The writer received $1000 courtesy of WORD Christchurch, long-time partner of the Ngaio Marsh Awards.
The daughter of a vicar, Norman was raised on the edges of the Yorkshire Moors in the North of England and spent several years travelling before studying law and becoming a barrister, specialising in crime, family law and mediation.
In 2002 she diverted to spend more time with her three children and Kiwi husband, Tim Meredith, from Central Hawke’s Bay, the family moved to New Zealand, and she started her writing career, ultimately moving from Wellington to Hawke’s Bay about 16 years ago and seeing-out the publishing of debut novel Freeing Grace in 2010.
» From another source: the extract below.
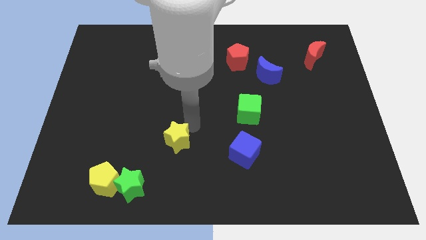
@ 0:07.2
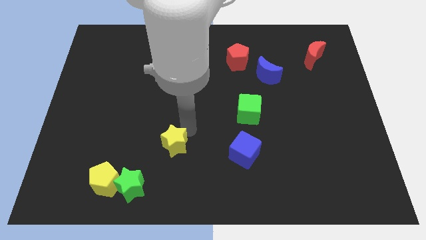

About a tiny mixed-race baby whose mother was tragically killed in a road traffic accident shortly after the birth, and then estranged from the teenaged father, it set the path for the challenging tasks of her literary efforts.
Remember Me is about a close-knit community ripped apart by disturbing revelations casting new light on the historic disappearance of a young woman, through the lens of a woman who returns to New Zealand to care for her ageing father, who in the path towards infirmity starts to unveil truths she’d rather were never revealed.
Having lived in Napier for several years, she and her husband now live back between Waipawa and Ongaonga, where his family farm and where he runs a mobile sawmill business.
There’s a definite soft spot for the city, and she says she loves Napier, which she used for the setting of second book Second Chances, launched in 2012, published in the UK as After the Fall, and described by one reviewer as “a rich and warm novel of family, divided loyalties and complicated relationships”.
Winning the Ngaio Marsh award is certainly not the end of a career in writing, and she now has an eighth novel heading through the production and proofreading stages for publication in the New Year.